C'est un sentiment mitigé qui surnage après avoir revu ce quatrième opus de la série. Film étrange et déroutant à bien des égards, Alien Résurrection remonte un peu le niveau par rapport aux deux précédents mais n'est pas totalement abouti et m'a paru très inégal.
D'abord, nous repartons dans un film de Science-fiction, là où Fincher avait quasiment abandonné cet aspect de la série. Entre vaisseaux spatiaux, voyages stellaires, Terre dévastée et pratique du clonage, on retrouve ici des éléments et une ambiance typiques d'un genre. Et ça fait plaisir.
Les fondamentaux de la série sont ici : thème de la maternité, personnages enfermés dans un espace réduit et décimés par les monstres, face-à-face hommes-machines...
Et pourtant, Jeunet s'amuse à détourner ces codes, et c'est là qu'il est bon. Là où la machine inspirait de la méfiance dans les films précédents (méfiance injustifiée dans le 2, mais manque de confiance quand même), ici elle nous semble d'emblée sympathique. Le choix de Winona Ryder est très judicieux : elle paraît plus faible. Ce qui amène Ripley à dire cette phrase apparemment paradoxale : "les vrais humains n'ont pas le cœur aussi sensible".
L'ambiguïté est un maître-mot du film. Ambiguïté de Call donc. Ambiguïté sur l'identité de 8, mélange de Ripley et du monstre qui était en elle, ce qui décuple sa force, lui donne des capacités animales.
Du coup, cela entraîne une ambiguïté du rapport entre 8 et les monstres. C'est là qu'on retrouve le sentiment de maternité qui se veut le thème dominant de la série. Puisqu'un échange d'ADN s'est manifestement produit entre elle et la pondeuse qui était en elle, un lien s'est formé. Chacune a laissé sa trace en l'autre. Elles sont connectées, réunies. Toute cette ambiguïté se retrouve dans la scène finale, avec le monstre hybride.
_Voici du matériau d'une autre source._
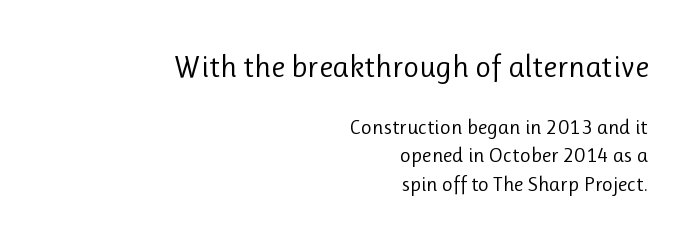
The image shows 31 px regular-weight sans-serif type, upright; set right-aligned, normal line spacing (1.34x), normal letter spacing, not underlined; the first (top) block is 1.48x larger; low stroke contrast and a medium x-height.
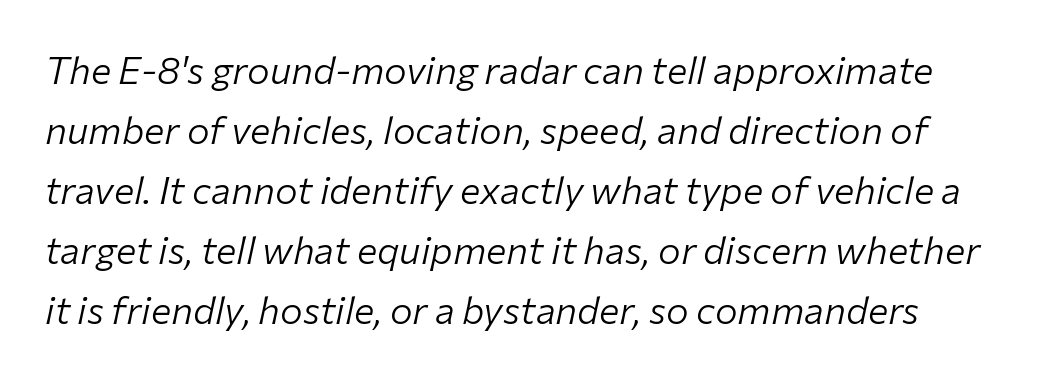
The image shows 38 px light type, italic (leaning right); set normal line spacing (1.58x), normal letter spacing, not underlined; low stroke contrast and a medium x-height.

Cette même ambiguïté se retrouve dans le rapport entre les monstres et les scientifiques. Il y a cette scène délirante où Brad Dourif (l'excellent Brad Dourif) embrasse quasiment un des monstres. Il y a là, bien évidemment, une parodie d'un des sujets transversaux de la série, l'intérêt des scientifiques pour ce monstre et l'exploitation militaro-commerciale qu'ils pourraient en faire.
Parodie. Le mot est lâché. Il y a beaucoup d'humour dans ce film, avec une volonté parodique évidente. L'IA s'appelle Père, en clin d’œil à Maman dans le film de Scott. Et comment ne pas rire quand on l'entend accueillir les nouveaux venus en s'exclamant "Je suis le Père" ? (ou suis-je le seul à y avoir vu une allusion à L'Empire contre-attaque ?)
Humour dans les dialogues, humour dans les situations (Ron Perlman qui explose un monstre mais a peur d'une minuscule araignée), humour dans les personnages (Dominique Pinon est hilarant). Humour dans une série de références aux classiques du genre (la vision de la Tour Eiffel détruite, à la fin, m'a rappelé le final de La Planète des Singes).
On sent que Jeunet s'est amusé. Bien souvent, le recours au gore est jouissif. Son jeu avec les armes cachées un peu partout (dans le shaker de Ron Perlman ou en pièces détachées dans le fauteuil de Pinon) est franchement drôle. Les portes qui s'ouvrent avec l'haleine est une formidable invention. Jeunet (et Whedon, le scénariste) s'est fait plaisir.
Et Jeunet nous fait plaisir aussi avec un casting exceptionnel, où on retrouve son choix pour des "gueules" : Perlman et Pinon, qui avaient déjà joué avec lui auparavant, forment un duo fantastique ; j'adore Brad Dourif, toujours visqueux, et Dan Hedaya est tout aussi excellent.
Tout ça aurait été très bien s'il n'y avait la fin.
Honnêtement, je n'aime pas la fin de ce film. Le monstre hybride est dégueulasse (là où la créature créée par Giger est absolument magnifique, nous ne le dirons jamais assez). La fin se traîne en longueur (j'ai vu "l'édition spéciale", qui fait dix minutes de plus) et perd beaucoup de l'intérêt du film. Nous ne sommes plus surpris, là où Jeunet nous avait déroutés pendant une bonne partie de l’œuvre. Bref, le film aurait mieux fait de s'arrêter plus tôt.
Alors, ne boudons pas trop notre plaisir quand même. Le résultat est globalement bon, bien meilleur que les deux précédents, mais reste très inégal.